Kannst du mir nicht helfen?" "Ja." antwortete der Wicht und sie atmete erleichtert auf, ohne sich Gedanken um das "wie" zu machen. Das Wesen schmunzelte. "Und du bist einfach so mitgekommen, ohne unsere Insel zu kennen?" wollte es wissen. "Mein Freund kennt sich hier aus und ich dachte, er informiert mich." Das Wesen nickte eifrig. "Das hat er auch, aber du hast nicht zugehört, weil du enttäuscht warst." "Na ja, eigentlich gefällt es mir hier schon. Es könnte nur etwas schöner sein." Das kleine Wesen breitete die Arme aus. "Es ist schön hier, sieh dich nur um." Ein Sonnenstrahl fiel aus den Wolken auf das Land und auf einmal blühten bunte Blumen zwischen den Felsen. Die Grasbüschel wirkten wie Farbtupfer auf der braunen Erde und der Hang bis zur Steilküste war ein einziger grüner Teppich. Über Küste und Meer spannte sich ein Regenbogen mit so intensiven Farben, wie sie es noch nie zuvor gesehen hatte.
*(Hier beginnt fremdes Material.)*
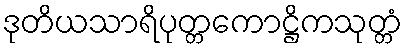
ဒုတိယသာရိပုတ္တကောဋ္ဌိကသုတ္တံ
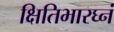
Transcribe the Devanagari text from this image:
क्षितिभारघ्नं
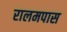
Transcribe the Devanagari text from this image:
रालमपास
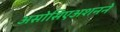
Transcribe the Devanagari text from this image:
असोसिएअशनने
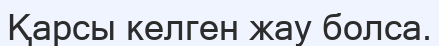
Қарсы келген жау болса.
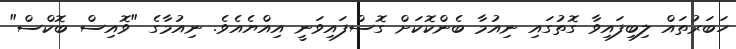
ހަބަރުތައް ލިބިފައިވާ ގޮތުގައި ނިއުމާ ބެންކޮކަށް ގޮސްފައިވަނީ އިއްޔެއެވެ. ނިއުމާގެ "ވޮއިސް ބޮކްސް"
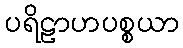
ပရိဠာဟပစ္စယာ
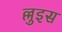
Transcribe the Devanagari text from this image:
ल्लुइस
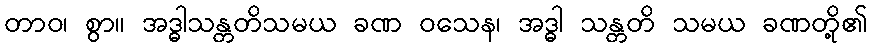
တာဝ၊ စွာ။ အဒ္ဓါသန္တတိသမယ ခဏ ဝသေန၊ အဒ္ဓါ သန္တတိ သမယ ခဏတို့၏
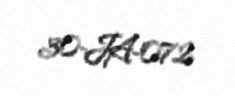
30-JA-072
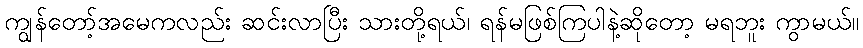
ကျွန်တော့်အမေကလည်း ဆင်းလာပြီး သားတို့ရယ်၊ ရန်မဖြစ်ကြပါနဲ့ဆိုတော့ မရဘူး ကွာမယ်။
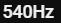
540HZ
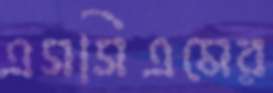
এসসিএমের
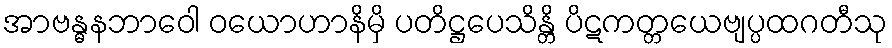
အာဗန္ဓနဘာဝေါ ဝယောဟာနိမှိ ပတိဋ္ဌပေသိန္တိ ပိဋကတ္တယေဗျပ္ပထဂတီသု
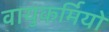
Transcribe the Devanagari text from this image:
वायुकर्मियों
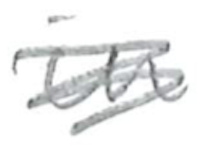
Text: in
Cross-out: scratch
Writing tool: pencil
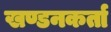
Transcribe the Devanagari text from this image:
खण्डनकर्ता
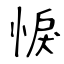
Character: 悷
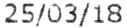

Überrascht sprang sie auf. "Ja, du hast Recht" strahlte sie." Es ist schön hier. Wunderschön." "Siehst du. Man muss nur die Augen aufmachen," sagte das Wesen weise. Lächelnd drehte sie sich zu dem Wicht. "Darf ich jetzt auch erfahren wer du bist?" fragte sie und hatte ihren Kummer ganz vergessen. Das Wesen machte eine kleine Verbeugung, soweit wie der Bauch es zuließ, und zog dabei den Hut. "Ich bin Filo, der einsame Elf." "Freut mich, dich kennen gelernt zu haben, Filo. Jetzt muss ich aber los, mein Freund macht sich sicher schon Sorgen." Sie wandte sich zum Gehen. "Undankbares Volk," knurrte der Elf. Als hätte sie die Worte gehört, drehte sie sich nach ein paar Schritten noch einmal um."Vielen Dank auch!" rief sie lachend und lief dann zum Wagen zurück. Der Elf verschwand grinsend in seinem Haus. Sie war gar nicht erstaunt darüber, dass der Motor ohne Schwierigkeiten ansprang.